ACTION ITEM —
Once you find a line containing the word "measures" in the entries below, copy it.

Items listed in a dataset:
== Segment start ==
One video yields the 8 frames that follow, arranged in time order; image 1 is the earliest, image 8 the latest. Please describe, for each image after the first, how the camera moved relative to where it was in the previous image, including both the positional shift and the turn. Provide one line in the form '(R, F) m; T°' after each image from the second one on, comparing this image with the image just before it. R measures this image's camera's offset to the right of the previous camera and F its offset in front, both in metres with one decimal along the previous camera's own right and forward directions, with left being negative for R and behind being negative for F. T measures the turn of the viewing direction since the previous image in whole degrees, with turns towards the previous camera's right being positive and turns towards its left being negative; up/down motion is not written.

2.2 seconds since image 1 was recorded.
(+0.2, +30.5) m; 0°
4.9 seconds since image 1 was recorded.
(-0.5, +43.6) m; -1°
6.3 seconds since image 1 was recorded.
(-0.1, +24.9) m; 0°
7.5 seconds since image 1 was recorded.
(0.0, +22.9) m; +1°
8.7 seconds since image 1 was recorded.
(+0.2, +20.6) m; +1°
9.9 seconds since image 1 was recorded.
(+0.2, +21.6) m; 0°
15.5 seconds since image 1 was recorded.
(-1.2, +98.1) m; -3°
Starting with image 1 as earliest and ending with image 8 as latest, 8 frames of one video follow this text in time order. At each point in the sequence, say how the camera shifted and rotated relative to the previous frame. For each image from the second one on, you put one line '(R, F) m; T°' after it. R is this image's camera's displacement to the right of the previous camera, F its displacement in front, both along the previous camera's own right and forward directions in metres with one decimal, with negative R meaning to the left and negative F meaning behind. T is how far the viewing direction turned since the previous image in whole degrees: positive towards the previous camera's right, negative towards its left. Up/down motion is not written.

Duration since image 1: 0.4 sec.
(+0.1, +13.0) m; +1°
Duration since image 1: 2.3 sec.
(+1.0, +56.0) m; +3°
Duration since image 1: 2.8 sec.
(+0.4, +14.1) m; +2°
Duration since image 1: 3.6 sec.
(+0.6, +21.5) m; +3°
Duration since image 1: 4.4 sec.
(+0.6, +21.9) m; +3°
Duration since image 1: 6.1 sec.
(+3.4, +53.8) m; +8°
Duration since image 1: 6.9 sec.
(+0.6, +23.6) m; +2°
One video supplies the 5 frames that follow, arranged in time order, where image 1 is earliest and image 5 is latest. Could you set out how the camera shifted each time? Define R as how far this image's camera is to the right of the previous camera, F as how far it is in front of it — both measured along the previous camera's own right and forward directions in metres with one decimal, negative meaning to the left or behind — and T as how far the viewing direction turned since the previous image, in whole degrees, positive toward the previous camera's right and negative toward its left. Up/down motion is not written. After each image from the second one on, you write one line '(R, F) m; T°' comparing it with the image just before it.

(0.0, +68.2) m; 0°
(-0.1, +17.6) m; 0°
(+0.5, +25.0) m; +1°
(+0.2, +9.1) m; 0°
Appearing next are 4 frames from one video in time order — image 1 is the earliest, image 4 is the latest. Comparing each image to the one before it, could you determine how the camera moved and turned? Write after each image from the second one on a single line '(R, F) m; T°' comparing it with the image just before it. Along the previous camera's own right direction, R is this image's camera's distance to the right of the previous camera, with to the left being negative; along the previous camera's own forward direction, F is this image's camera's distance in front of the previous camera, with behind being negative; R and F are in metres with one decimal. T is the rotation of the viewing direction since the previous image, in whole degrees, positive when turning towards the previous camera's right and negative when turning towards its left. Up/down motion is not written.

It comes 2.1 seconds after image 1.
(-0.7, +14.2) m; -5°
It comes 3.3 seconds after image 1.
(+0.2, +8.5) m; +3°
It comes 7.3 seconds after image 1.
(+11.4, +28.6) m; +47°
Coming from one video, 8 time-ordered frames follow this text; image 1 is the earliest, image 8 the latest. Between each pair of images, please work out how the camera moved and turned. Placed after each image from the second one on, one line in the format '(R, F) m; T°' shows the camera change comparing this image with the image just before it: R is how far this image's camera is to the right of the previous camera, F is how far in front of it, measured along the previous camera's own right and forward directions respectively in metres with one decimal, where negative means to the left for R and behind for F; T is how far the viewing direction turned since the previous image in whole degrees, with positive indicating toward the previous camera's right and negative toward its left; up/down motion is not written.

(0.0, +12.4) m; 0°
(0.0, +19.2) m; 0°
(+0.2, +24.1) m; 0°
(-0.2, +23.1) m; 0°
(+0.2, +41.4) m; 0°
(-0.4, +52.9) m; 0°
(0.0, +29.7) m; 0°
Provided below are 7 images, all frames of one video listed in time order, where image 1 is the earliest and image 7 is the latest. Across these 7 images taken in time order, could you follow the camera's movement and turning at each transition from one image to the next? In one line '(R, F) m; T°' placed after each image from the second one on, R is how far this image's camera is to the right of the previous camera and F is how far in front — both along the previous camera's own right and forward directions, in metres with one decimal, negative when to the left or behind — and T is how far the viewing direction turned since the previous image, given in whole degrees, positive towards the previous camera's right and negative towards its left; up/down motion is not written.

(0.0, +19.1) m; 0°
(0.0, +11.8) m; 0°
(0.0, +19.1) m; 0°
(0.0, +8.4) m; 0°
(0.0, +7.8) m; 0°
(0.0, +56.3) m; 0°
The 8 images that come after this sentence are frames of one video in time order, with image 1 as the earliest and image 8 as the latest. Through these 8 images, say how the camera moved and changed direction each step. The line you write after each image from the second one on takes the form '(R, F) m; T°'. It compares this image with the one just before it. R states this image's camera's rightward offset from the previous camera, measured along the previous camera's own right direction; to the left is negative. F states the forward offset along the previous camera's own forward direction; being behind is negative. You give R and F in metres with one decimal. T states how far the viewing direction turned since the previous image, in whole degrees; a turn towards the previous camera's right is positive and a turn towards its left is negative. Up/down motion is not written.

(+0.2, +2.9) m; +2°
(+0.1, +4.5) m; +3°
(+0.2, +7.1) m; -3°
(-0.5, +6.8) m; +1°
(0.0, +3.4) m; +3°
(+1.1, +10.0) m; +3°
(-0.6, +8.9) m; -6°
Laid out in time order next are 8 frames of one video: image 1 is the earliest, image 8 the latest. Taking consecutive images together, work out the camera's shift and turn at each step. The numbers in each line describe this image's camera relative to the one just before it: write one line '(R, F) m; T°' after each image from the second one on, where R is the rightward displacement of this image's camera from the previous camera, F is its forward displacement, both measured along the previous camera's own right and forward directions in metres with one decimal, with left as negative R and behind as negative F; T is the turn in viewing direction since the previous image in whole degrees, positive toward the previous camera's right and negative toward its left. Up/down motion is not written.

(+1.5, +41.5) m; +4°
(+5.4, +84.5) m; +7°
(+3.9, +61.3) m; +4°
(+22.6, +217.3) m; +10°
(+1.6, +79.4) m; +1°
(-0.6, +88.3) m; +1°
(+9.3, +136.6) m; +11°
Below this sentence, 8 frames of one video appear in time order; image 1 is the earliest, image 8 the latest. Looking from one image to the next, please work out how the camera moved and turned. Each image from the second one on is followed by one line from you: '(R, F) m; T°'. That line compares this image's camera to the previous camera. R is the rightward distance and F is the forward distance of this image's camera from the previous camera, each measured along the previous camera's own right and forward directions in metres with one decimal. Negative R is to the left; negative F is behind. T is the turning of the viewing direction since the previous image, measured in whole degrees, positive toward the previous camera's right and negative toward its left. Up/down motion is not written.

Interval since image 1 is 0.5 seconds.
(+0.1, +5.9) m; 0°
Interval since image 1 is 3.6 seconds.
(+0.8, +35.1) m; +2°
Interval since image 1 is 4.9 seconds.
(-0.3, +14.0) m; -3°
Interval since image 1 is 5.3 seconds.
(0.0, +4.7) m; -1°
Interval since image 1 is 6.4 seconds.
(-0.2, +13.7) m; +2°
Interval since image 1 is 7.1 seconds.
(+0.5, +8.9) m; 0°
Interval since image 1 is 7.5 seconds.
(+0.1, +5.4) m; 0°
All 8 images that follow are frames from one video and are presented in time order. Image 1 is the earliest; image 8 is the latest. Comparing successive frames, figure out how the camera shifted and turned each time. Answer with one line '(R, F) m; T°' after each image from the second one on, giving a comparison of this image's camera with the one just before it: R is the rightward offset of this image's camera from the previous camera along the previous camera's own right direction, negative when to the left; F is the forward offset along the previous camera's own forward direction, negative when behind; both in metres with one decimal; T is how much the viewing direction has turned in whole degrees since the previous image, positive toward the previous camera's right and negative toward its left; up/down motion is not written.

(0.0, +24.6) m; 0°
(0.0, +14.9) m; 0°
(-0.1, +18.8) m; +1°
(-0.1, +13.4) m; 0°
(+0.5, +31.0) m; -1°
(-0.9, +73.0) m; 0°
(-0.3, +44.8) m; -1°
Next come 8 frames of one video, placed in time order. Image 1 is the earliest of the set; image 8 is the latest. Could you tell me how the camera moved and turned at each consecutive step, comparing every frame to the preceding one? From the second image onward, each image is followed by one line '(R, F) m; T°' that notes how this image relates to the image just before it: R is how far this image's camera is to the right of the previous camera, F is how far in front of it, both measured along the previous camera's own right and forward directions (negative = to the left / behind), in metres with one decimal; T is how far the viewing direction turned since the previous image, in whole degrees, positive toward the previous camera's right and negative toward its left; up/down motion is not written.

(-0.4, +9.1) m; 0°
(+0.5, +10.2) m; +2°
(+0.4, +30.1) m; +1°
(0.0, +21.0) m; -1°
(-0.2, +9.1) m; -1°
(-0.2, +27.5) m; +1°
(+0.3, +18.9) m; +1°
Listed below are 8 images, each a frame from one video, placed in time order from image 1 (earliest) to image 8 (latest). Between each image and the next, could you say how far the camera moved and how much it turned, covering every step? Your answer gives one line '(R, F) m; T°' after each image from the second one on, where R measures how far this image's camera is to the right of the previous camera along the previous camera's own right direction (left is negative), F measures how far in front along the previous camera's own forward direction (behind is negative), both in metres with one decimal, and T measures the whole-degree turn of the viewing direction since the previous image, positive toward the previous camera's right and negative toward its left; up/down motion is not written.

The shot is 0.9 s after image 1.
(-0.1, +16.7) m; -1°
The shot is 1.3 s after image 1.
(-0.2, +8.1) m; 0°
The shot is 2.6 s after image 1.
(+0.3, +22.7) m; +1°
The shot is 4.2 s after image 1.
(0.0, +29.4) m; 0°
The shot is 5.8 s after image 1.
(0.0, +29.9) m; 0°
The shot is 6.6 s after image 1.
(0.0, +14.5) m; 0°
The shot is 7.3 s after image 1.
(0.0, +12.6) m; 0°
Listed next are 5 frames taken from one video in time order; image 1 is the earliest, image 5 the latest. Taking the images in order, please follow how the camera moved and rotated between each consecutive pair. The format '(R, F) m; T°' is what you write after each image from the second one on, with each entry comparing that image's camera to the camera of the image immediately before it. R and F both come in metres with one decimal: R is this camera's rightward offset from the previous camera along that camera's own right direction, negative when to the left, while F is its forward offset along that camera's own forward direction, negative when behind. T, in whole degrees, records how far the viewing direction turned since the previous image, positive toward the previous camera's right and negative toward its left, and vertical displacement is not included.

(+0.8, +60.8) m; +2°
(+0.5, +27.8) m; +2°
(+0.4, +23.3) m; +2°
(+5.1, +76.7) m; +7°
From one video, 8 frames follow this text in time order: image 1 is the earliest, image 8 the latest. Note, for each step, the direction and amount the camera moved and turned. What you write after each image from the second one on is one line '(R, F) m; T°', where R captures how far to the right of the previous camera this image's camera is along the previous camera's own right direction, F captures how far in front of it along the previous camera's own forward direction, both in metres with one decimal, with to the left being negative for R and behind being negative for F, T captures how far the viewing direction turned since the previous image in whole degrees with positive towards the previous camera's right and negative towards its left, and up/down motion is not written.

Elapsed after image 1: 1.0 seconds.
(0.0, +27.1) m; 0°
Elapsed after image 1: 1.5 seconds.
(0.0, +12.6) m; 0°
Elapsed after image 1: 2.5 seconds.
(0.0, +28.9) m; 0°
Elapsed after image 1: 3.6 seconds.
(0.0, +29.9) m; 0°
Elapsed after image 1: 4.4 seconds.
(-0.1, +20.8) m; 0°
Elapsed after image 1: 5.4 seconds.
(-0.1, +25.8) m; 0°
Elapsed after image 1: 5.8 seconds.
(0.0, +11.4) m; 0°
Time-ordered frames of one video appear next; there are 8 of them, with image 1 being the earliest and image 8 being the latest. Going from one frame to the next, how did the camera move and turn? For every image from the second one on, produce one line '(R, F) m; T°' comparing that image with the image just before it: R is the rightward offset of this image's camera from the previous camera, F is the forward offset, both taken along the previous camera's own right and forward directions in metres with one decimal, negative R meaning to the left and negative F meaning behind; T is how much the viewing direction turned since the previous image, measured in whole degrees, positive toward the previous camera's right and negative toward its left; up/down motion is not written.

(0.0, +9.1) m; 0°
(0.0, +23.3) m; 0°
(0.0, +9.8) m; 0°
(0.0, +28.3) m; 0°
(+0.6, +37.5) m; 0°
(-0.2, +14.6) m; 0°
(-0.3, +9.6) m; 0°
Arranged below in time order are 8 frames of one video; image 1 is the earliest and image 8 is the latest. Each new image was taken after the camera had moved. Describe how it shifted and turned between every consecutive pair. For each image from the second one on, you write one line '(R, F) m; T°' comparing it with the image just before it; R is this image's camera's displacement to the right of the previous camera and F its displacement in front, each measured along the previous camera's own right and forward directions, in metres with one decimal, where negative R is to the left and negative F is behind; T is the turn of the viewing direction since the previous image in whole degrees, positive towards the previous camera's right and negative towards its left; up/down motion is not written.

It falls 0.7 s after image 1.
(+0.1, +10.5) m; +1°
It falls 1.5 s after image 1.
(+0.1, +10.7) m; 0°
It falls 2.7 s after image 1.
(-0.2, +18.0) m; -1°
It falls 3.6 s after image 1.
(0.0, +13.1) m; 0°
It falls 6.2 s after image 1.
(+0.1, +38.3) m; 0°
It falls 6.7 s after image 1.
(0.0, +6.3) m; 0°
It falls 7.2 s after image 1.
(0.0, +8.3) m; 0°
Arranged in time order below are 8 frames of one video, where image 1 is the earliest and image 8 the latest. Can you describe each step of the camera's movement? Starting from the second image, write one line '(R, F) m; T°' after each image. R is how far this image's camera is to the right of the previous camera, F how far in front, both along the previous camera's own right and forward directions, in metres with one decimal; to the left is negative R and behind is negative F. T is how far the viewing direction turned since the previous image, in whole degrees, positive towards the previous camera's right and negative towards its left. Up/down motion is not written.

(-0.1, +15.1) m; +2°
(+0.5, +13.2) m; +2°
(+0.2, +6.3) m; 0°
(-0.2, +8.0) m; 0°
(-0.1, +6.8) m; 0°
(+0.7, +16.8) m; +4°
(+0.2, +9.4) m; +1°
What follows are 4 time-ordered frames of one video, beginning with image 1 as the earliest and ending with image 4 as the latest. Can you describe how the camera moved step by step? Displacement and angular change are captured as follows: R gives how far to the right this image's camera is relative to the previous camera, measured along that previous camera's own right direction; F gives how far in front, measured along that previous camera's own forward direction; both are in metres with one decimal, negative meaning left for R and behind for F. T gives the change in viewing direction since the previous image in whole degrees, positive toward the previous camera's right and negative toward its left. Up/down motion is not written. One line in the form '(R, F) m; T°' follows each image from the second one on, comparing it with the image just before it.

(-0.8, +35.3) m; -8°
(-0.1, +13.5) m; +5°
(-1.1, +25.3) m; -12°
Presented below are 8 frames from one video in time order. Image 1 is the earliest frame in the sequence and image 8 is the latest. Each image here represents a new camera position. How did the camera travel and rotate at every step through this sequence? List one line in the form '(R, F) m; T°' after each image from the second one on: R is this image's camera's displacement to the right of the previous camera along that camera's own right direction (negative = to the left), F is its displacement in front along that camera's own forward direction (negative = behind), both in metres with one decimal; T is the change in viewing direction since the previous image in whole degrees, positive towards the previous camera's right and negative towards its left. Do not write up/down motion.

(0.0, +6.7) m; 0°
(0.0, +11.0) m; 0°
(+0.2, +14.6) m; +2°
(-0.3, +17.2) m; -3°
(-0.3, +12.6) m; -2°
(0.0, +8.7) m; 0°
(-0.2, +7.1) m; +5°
== Segment end ==
REPLY TO THE EXERCISE —
One video yields the 8 frames that follow, arranged in time order; image 1 is the earliest, image 8 the latest. Please describe, for each image after the first, how the camera moved relative to where it was in the previous image, including both the positional shift and the turn. Provide one line in the form '(R, F) m; T°' after each image from the second one on, comparing this image with the image just before it. R measures this image's camera's offset to the right of the previous camera and F its offset in front, both in metres with one decimal along the previous camera's own right and forward directions, with left being negative for R and behind being negative for F. T measures the turn of the viewing direction since the previous image in whole degrees, with turns towards the previous camera's right being positive and turns towards its left being negative; up/down motion is not written.
Listed below are 8 images, each a frame from one video, placed in time order from image 1 (earliest) to image 8 (latest). Between each image and the next, could you say how far the camera moved and how much it turned, covering every step? Your answer gives one line '(R, F) m; T°' after each image from the second one on, where R measures how far this image's camera is to the right of the previous camera along the previous camera's own right direction (left is negative), F measures how far in front along the previous camera's own forward direction (behind is negative), both in metres with one decimal, and T measures the whole-degree turn of the viewing direction since the previous image, positive toward the previous camera's right and negative toward its left; up/down motion is not written.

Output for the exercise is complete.